Since I don’t really understand how the models work, it might have an impact on prediction quality if they also take stopwords/POS into account that I remove through my own preprocessing. Or maybe it helps.
I am curious about which of my data I should use for classification and whether there is a tradeoff.
If the cleaned text is shorter (less tokens) than the original text, then it’ll consume less tokens. That said, ada is extremely cheap, so I’m not sure there would be any practical difference in pricing.
I’d encourage you to experiment with running predictions on both forms of data, since the cost is extremely low, so there’s no risk (ada is $0.0008 per 1,000 tokens).
Well if my preprocessing saves 10-20% of tokens I would not call that insignificant. (I haven’t calculated it, might be even more.)
And even though it is cheap that is countered by the sheer amount of data that I have. One classification-API call costs me about 1000 tokens right now.
To systematically assess how it performs with/without previous cleaning based on my data I would have to make several houndreds, if not thousands of classifications.
I see, thanks for explaining.
Hundreds to thousands of classifications then comes out to hundreds-of-thousands to millions (100s-1000s * 1000) of ada tokens, which is still in the range of cents-to-dollars.
For example:
- 100 ada calls of 1,000 tokens each = $0.08
- 1000 ada calls of 1,000 tokens each = $0.8
- 3000 ada calls of 1,000 tokens each = $2.4
We provide new users $18 worth of free tokens to experiment with, which is equivalent to 22,500 ada calls of 1,000 tokens each.
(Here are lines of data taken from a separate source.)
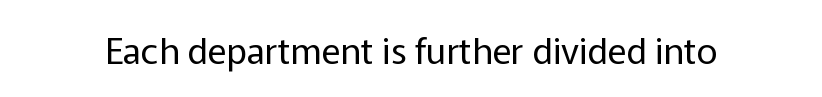
{"serif": "no", "italic": "no", "bold": "no", "weight": "regular", "width": "normal", "stroke_contrast": "low", "x_height": "medium", "monospaced": "no", "underline": "no", "letter_spacing": "normal", "letter_spacing_em": 0.0, "glyph_px": 36}
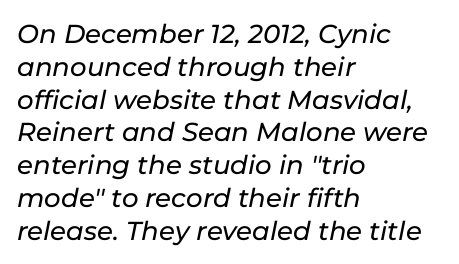
{"italic": "yes", "lean": "right", "slant_degrees": 11, "underline": "no", "align": "left", "line_spacing": "normal", "line_spacing_ratio": 1.26, "letter_spacing": "normal", "letter_spacing_em": 0.0, "glyph_px": 26}
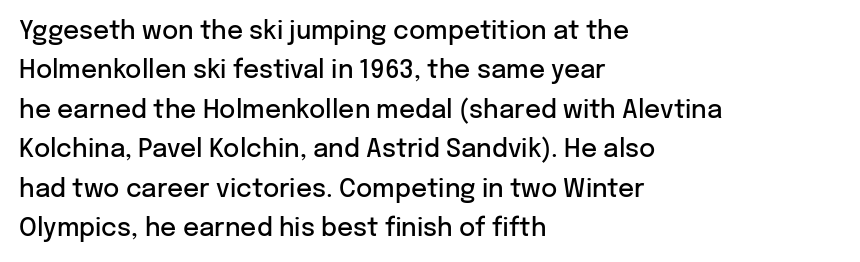
The image shows 25 px text type, upright; set left-aligned, normal line spacing (1.58x), normal letter spacing, not underlined.
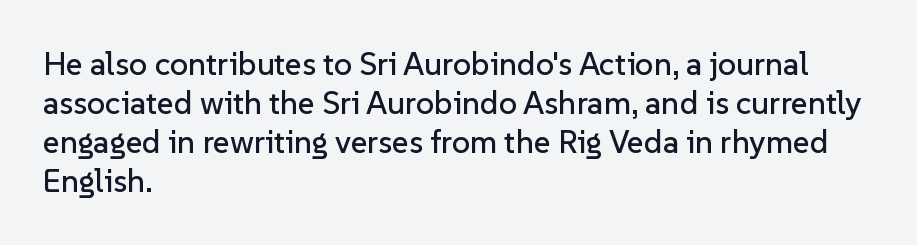
Q: Is the text italic (slanted)? A: No, it is upright.
Q: Is the typeface a serif or a sans-serif typeface? A: Sans-serif.
Q: Is the text underlined? A: No.
Q: How is the paragraph aligned? A: Left-aligned.
Q: Is the spacing between letters normal or unusually wide? A: Normal.
Q: Width (condensed, normal, or wide)? A: Normal.
Q: Stroke contrast? A: Low.
Q: x-height? A: Medium.
Q: Monospaced? A: No.
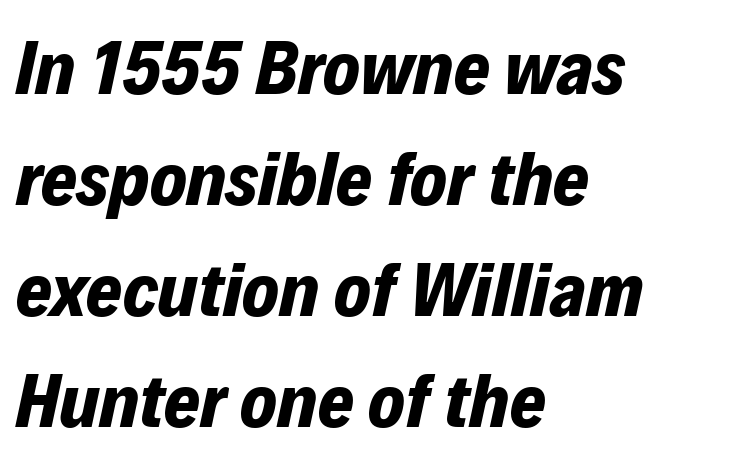
The image shows 77 px bold type, italic (leaning right); set left-aligned, normal line spacing (1.44x), normal letter spacing, not underlined; low stroke contrast and a medium x-height.
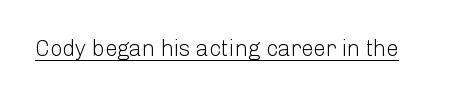
Does a line run under the words? Yes, clearly. Each word holds together tightly as a unit, with standard inter-letter gaps. When letters stand straight like this, we call the style roman or upright. Compared with a typical body face, this is equally light or lighter still.
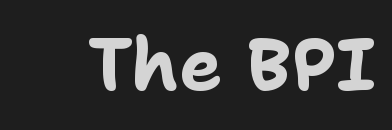
Words appear dense and cohesive because spacing is normal. The passage shown is emphatically bold. Are there feet on the stems? There aren't — it's a sans. You can tell it's not italic because the verticals are truly vertical. A clean baseline with only descenders dipping below it. This sample has the flowing, uneven cadence of proportional lettering.
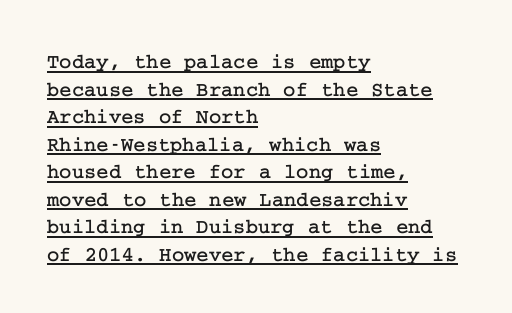
Q: Is the text italic (slanted)? A: No, it is upright.
Q: Is the text underlined? A: Yes.
Q: How is the paragraph aligned? A: Left-aligned.
Q: Is the spacing between letters normal or unusually wide? A: Normal.
Q: Is the spacing between lines tight, normal or loose? A: Normal.
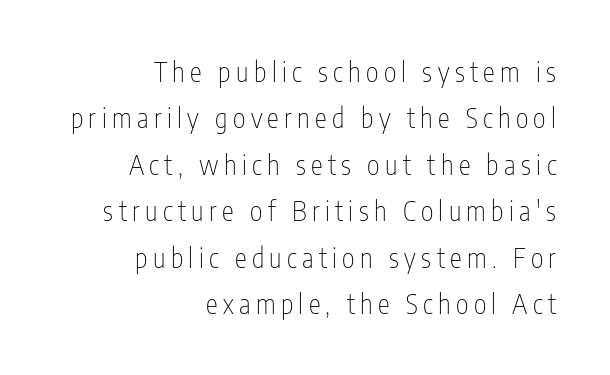
The image shows 27 px text type, upright; set right-aligned, line spacing 1.72x, unusually wide letter spacing (+0.2 em), not underlined.
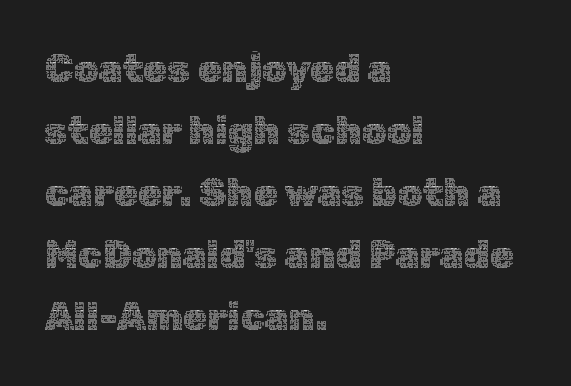
Q: Is the text bold? A: No.
Q: Is the text italic (slanted)? A: No, it is upright.
Q: Is the text underlined? A: No.
Q: How is the paragraph aligned? A: Left-aligned.
Q: Is the spacing between letters normal or unusually wide? A: Normal.
Q: Is the spacing between lines tight, normal or loose? A: Normal.
Q: Width (condensed, normal, or wide)? A: Normal.
Q: x-height? A: Medium.
Q: Monospaced? A: No.
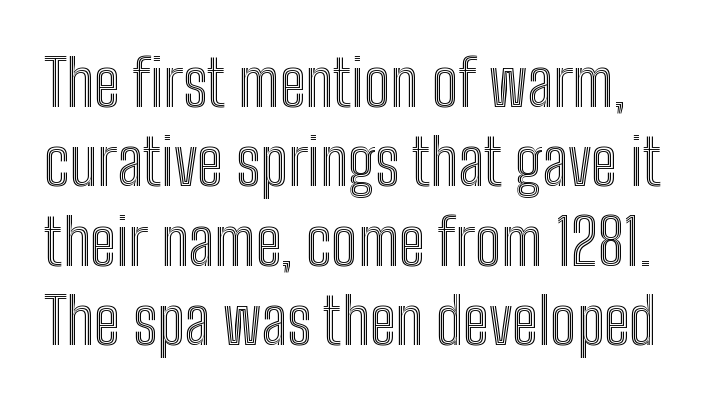
Here the designer chose a conventional face with non-uniform glyph widths. The space directly below the letters is spotless. Students, note that the glyphs here touch the page at normal intervals. Posture: straight, roman, zero tilt.
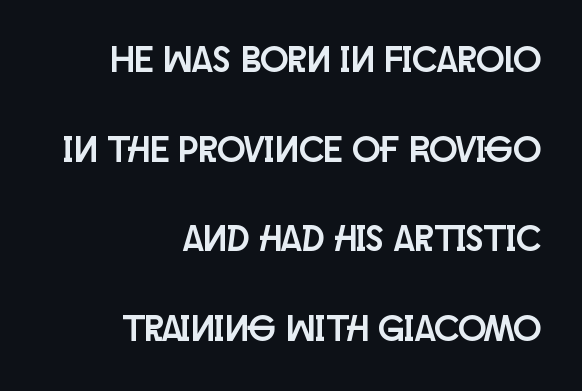
The letters carry no serifs — their stems end cleanly without finishing strokes. Characters remain perfectly vertical along every line. Leftover space on each line is placed entirely before the opening word. Nobody drew a line under any word here. The face used here is proportionally spaced, like ordinary book or web type.
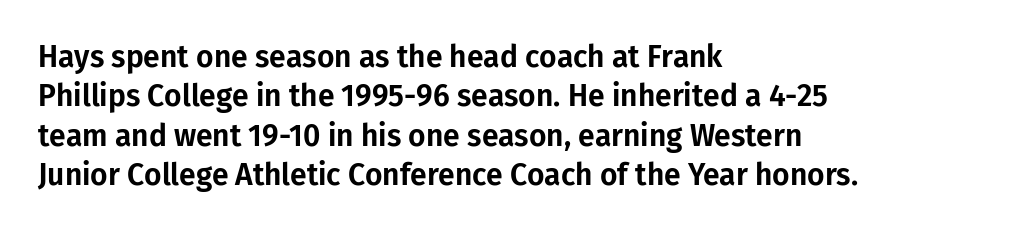
Q: Is the text italic (slanted)? A: No, it is upright.
Q: Is the typeface a serif or a sans-serif typeface? A: Sans-serif.
Q: Is the text underlined? A: No.
Q: How is the paragraph aligned? A: Left-aligned.
Q: Is the spacing between letters normal or unusually wide? A: Normal.
Q: Is the spacing between lines tight, normal or loose? A: Normal.
Q: Width (condensed, normal, or wide)? A: Normal.
Q: Stroke contrast? A: Low.
Q: x-height? A: Medium.
Q: Monospaced? A: No.
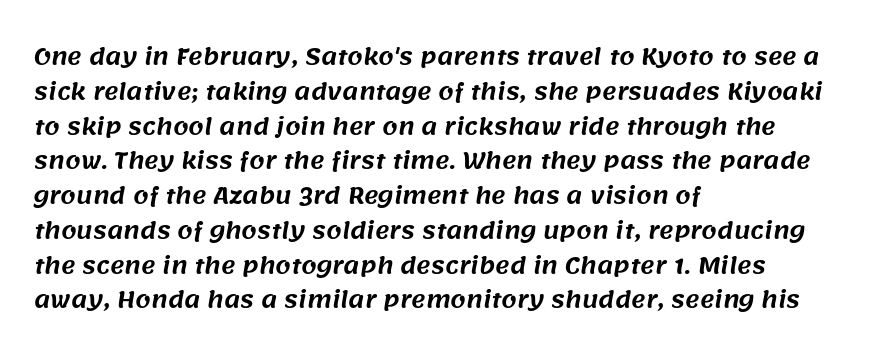
Check under the words: just untouched page. The rendering keeps characters at their native spacing. Successive baselines arrive at the customary interval. The typesetter chose a ragged-right arrangement here.
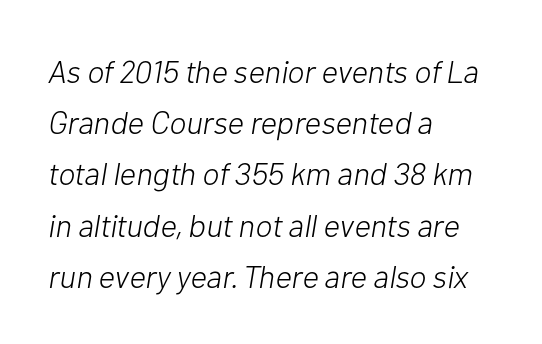
The image shows 32 px light type, italic (leaning right); set left-aligned, normal line spacing (1.6x), normal letter spacing, not underlined; low stroke contrast and a medium x-height.
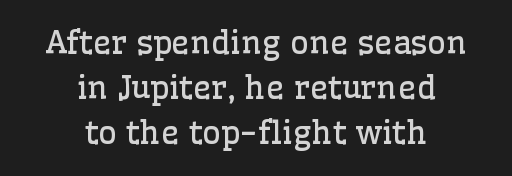
Q: Is the text bold? A: No.
Q: Is the text italic (slanted)? A: No, it is upright.
Q: Is the typeface a serif or a sans-serif typeface? A: Serif.
Q: Is the text underlined? A: No.
Q: How is the paragraph aligned? A: Centered.
Q: Is the spacing between letters normal or unusually wide? A: Normal.
Q: Is the spacing between lines tight, normal or loose? A: Normal.
Q: Width (condensed, normal, or wide)? A: Normal.
Q: Stroke contrast? A: Low.
Q: x-height? A: Medium.
Q: Monospaced? A: No.

Yes exactly. That’s my issue. I have about 3000 phrases in my dataset which I could size down for testing purposes a bit, but it’s still problematic for my main use case. So I am thinking about how i can mitigate the implications of my underlying design which is very token hungry/inefficient. But since I am currently bound to that setup, the only thing I can do for now is mitigation.
I have users that need to dig through my dataset to define labels and everytime they find a part of a (new) label, they have the opportunity to label a few instances through a keyword-search. However, since these labels are not well defined yet, they can’t find all instances through obvious keywords which is where AI comes into play.
Furthermore, I am aiming for a collaborative situation, where the model takes a similar role to a real assistant who digs through the data and presents what it considers to be appropriate. Like a very primitive version of the dynamic that is shown here: https://www.youtube.com/watch?v=BdHj210v9Yo
I have a labeled gold-standard dataset for testing purposes, but in my real-world scenario the labels would evolve on the fly which is why I have decided on a binary classification for each new label.
To examine whether the performance is better or worse for some labels I have to test them all (e.g. because some might have more structural markers).
I have ~40 Labels * ~3000 Classifications of 1000 Tokens which is >18$.
Of course I can scale that down a bit, but I am still exploring other ways to improve efficiency. I probably can’t make that many API calls in a reasonable time anyway…